### Supplied material ###

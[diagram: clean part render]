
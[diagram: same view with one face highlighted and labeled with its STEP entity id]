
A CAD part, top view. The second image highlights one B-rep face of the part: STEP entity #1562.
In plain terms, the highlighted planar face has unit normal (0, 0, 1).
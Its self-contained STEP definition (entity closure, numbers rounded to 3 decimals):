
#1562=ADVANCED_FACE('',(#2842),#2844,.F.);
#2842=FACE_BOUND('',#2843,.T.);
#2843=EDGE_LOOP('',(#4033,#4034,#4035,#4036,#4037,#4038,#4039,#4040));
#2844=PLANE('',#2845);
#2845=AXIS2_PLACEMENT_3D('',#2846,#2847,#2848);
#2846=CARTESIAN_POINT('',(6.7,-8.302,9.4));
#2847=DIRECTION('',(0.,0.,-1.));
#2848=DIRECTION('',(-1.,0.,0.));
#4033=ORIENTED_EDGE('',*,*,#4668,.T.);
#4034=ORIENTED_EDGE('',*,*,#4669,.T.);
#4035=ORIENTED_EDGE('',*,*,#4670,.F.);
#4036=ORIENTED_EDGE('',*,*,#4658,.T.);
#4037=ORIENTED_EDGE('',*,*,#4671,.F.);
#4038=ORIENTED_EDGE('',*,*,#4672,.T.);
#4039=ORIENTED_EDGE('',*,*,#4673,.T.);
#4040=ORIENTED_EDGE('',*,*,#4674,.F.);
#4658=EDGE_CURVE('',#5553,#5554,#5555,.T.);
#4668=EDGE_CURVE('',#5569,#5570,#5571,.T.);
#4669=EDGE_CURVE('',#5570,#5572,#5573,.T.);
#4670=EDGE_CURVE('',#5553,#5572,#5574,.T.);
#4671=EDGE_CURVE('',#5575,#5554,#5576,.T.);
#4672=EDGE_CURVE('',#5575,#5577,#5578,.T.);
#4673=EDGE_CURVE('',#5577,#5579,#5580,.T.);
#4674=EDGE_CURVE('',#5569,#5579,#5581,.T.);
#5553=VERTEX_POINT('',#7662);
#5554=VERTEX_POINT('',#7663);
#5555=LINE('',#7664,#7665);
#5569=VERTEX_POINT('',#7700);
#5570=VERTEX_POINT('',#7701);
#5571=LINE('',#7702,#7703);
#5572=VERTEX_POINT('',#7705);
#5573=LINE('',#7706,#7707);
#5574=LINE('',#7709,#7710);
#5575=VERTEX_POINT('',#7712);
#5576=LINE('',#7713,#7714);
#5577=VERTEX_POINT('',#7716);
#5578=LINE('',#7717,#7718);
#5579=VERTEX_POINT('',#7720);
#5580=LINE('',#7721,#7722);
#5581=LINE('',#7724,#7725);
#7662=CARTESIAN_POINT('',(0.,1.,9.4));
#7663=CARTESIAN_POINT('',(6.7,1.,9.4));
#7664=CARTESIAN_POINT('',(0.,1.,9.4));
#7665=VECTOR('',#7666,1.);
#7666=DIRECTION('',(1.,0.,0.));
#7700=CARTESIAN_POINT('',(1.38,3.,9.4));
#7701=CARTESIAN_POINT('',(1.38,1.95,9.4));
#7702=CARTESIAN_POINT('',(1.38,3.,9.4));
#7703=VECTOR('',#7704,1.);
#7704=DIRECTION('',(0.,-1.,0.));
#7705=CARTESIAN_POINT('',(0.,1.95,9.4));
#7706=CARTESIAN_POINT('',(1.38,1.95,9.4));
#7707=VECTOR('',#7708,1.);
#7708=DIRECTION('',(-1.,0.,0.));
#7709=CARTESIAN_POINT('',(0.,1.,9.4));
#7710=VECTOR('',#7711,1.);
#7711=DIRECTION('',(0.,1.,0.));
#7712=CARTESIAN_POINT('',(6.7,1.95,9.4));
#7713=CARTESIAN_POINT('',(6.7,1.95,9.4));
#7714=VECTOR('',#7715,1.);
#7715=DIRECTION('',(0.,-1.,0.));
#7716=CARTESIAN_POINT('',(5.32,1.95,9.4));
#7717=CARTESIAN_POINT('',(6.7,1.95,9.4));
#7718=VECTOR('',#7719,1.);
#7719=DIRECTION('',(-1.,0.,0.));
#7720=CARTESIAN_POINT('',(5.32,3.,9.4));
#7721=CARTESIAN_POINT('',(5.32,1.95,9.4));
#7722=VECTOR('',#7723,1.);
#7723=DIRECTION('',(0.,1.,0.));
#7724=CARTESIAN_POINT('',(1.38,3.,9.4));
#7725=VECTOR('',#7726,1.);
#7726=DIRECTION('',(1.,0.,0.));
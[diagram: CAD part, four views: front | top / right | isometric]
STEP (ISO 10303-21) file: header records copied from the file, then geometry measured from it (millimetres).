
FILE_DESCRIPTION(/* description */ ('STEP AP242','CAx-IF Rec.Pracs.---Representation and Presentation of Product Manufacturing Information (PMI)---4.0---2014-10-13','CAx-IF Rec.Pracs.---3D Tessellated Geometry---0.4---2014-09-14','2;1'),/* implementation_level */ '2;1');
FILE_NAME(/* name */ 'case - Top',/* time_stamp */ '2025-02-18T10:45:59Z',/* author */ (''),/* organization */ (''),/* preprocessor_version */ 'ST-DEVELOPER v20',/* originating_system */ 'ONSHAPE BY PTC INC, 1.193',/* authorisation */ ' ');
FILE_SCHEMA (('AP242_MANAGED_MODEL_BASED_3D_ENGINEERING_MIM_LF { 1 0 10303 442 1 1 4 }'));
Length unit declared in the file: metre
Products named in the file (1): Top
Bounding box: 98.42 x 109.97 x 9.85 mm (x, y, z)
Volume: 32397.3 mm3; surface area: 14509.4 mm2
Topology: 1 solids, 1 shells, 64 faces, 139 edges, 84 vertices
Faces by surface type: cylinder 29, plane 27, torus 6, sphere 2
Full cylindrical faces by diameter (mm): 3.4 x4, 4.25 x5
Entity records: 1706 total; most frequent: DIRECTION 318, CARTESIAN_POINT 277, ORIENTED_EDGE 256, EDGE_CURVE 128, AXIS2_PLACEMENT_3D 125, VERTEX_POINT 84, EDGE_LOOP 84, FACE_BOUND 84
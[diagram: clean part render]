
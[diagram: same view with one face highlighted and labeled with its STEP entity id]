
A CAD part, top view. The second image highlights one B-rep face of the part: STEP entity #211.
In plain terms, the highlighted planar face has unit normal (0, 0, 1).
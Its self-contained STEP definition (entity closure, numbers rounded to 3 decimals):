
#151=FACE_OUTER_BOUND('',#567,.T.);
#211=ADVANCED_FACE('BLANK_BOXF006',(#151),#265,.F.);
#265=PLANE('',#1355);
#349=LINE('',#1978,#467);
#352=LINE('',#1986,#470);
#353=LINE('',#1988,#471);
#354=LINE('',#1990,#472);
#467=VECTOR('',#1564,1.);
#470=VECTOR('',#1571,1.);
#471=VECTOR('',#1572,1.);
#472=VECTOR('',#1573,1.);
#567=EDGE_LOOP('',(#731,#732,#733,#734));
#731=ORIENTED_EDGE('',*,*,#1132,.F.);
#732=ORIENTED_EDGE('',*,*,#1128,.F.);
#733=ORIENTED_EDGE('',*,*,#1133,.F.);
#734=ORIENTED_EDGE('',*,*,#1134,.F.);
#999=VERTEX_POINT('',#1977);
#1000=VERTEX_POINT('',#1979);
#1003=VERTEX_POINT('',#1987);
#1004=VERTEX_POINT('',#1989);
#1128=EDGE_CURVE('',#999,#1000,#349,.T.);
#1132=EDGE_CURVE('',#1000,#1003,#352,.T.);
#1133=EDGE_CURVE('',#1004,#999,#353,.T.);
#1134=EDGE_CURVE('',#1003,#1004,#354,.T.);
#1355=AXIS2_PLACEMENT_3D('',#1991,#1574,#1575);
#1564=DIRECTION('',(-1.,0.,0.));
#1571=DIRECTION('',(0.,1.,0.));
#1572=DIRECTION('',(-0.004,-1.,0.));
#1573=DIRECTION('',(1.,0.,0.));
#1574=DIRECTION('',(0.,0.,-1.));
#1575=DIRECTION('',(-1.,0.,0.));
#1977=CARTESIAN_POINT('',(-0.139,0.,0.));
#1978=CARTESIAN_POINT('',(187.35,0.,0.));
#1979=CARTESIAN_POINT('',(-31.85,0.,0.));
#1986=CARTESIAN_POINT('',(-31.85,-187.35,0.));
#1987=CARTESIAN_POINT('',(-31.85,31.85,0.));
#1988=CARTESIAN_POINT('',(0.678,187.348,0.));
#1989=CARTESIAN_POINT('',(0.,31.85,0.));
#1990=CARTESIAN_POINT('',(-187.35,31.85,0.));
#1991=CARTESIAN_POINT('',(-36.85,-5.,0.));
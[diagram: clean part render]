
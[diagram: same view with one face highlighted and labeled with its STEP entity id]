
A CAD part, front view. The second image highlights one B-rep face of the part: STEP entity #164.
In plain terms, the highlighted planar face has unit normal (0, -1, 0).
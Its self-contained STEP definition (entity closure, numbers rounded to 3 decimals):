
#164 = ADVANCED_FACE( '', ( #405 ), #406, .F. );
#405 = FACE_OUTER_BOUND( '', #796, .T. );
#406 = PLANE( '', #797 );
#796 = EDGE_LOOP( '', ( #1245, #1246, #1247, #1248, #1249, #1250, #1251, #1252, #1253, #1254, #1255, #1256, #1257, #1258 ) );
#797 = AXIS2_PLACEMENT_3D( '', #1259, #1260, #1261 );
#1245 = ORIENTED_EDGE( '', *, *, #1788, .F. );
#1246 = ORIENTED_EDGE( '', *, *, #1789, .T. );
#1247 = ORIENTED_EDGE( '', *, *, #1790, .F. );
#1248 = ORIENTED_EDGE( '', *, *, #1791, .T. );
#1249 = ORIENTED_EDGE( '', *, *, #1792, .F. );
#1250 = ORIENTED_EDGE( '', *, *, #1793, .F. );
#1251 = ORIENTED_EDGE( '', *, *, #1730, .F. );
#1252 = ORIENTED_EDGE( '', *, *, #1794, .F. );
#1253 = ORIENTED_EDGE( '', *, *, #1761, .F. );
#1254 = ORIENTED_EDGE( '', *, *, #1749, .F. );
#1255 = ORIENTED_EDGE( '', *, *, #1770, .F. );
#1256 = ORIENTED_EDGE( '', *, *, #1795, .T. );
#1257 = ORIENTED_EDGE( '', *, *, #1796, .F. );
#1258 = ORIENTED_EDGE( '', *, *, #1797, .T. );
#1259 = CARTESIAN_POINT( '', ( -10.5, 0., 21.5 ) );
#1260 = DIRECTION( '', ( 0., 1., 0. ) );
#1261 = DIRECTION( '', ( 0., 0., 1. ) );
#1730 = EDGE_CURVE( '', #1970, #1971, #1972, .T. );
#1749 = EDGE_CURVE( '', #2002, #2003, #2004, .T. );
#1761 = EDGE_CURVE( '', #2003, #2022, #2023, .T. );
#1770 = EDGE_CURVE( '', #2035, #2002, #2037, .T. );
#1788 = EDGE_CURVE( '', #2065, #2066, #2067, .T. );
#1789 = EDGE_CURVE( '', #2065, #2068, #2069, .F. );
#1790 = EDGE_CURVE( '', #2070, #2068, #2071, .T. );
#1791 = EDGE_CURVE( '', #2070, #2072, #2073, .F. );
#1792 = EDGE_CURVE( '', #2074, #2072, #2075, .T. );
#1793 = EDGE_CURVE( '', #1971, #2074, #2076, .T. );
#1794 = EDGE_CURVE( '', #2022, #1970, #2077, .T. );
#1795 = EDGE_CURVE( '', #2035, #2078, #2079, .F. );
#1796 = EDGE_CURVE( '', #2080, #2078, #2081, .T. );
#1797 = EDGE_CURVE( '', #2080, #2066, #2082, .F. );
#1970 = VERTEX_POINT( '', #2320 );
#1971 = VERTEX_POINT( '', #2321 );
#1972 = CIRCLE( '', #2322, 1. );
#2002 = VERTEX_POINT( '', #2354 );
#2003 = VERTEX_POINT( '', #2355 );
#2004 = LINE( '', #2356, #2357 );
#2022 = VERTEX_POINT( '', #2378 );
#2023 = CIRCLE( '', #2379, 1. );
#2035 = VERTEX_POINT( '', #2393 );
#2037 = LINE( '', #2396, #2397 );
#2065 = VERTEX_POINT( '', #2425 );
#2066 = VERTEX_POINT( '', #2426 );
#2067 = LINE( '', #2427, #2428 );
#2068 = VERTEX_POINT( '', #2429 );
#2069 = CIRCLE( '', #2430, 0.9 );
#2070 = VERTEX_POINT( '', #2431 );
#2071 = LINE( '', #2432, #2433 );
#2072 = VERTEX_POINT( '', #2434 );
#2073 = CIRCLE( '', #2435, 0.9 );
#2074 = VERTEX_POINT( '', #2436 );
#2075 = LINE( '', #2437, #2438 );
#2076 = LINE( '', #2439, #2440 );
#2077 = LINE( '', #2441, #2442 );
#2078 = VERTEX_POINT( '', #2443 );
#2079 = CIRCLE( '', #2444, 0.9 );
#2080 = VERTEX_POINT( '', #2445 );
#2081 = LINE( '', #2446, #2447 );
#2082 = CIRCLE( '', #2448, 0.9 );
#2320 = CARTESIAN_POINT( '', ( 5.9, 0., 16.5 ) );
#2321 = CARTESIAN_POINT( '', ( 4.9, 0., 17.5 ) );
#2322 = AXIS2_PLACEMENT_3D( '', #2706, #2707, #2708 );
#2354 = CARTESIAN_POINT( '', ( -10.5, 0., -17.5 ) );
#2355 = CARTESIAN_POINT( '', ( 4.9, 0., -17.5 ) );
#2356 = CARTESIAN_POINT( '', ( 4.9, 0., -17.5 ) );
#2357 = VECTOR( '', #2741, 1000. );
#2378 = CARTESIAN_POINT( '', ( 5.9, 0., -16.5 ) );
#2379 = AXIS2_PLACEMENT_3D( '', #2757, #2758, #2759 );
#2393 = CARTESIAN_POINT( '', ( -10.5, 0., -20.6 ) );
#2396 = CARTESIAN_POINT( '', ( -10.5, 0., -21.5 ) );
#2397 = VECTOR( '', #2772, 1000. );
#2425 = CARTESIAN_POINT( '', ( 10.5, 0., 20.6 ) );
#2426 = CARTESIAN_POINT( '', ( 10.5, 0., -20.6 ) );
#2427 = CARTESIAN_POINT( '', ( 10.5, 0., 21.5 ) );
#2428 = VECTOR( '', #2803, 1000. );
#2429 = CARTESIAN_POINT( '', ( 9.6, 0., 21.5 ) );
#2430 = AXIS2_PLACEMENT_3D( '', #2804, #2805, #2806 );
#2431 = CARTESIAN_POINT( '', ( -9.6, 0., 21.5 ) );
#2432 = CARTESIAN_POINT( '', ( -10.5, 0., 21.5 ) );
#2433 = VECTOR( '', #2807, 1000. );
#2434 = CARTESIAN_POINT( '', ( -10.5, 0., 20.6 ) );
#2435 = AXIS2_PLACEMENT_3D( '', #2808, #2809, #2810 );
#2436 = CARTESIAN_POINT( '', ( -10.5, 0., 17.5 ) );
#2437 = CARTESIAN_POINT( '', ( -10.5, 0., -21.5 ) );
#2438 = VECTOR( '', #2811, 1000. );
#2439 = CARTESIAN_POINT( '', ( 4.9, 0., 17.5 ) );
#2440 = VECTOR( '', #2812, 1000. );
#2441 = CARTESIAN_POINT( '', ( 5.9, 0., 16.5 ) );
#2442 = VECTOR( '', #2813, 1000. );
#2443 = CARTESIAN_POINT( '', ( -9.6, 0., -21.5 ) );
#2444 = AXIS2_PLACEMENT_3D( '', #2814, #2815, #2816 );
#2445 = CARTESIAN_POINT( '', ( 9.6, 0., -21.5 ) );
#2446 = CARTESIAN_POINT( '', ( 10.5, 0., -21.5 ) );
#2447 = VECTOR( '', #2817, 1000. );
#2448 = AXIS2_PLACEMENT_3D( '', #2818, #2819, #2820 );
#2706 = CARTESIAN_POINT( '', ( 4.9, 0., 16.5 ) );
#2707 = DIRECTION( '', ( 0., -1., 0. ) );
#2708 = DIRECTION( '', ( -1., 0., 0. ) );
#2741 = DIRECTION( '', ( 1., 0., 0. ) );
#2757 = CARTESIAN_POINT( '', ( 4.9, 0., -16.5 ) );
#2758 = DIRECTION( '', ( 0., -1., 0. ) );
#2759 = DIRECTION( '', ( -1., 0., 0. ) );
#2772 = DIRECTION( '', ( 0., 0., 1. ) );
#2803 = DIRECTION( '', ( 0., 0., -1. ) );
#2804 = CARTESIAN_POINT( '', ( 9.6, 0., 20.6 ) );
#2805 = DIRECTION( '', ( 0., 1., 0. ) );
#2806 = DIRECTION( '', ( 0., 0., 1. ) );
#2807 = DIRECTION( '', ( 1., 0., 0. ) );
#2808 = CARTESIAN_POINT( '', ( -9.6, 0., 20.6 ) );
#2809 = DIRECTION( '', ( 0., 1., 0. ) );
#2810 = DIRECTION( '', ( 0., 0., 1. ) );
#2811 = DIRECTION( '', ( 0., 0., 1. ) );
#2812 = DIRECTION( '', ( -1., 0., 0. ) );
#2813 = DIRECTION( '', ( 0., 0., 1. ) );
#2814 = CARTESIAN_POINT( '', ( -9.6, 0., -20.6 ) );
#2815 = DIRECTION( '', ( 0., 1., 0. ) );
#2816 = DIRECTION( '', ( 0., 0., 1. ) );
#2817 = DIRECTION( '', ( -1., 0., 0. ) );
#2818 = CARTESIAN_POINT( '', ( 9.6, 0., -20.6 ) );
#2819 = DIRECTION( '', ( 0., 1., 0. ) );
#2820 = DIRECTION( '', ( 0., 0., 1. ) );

###

» Problem statement
From the entries above, give again exactly the lines running from the line with "#2079 = CIRCLE( '', #2444, 0.9 );" to the line with "#2321 = CARTESIAN_POINT( '', ( 4.9, 0., 17.5"; include both of those lines.

» Solution to this exercise
#2079 = CIRCLE( '', #2444, 0.9 );
#2080 = VERTEX_POINT( '', #2445 );
#2081 = LINE( '', #2446, #2447 );
#2082 = CIRCLE( '', #2448, 0.9 );
#2320 = CARTESIAN_POINT( '', ( 5.9, 0., 16.5 ) );
#2321 = CARTESIAN_POINT( '', ( 4.9, 0., 17.5 ) );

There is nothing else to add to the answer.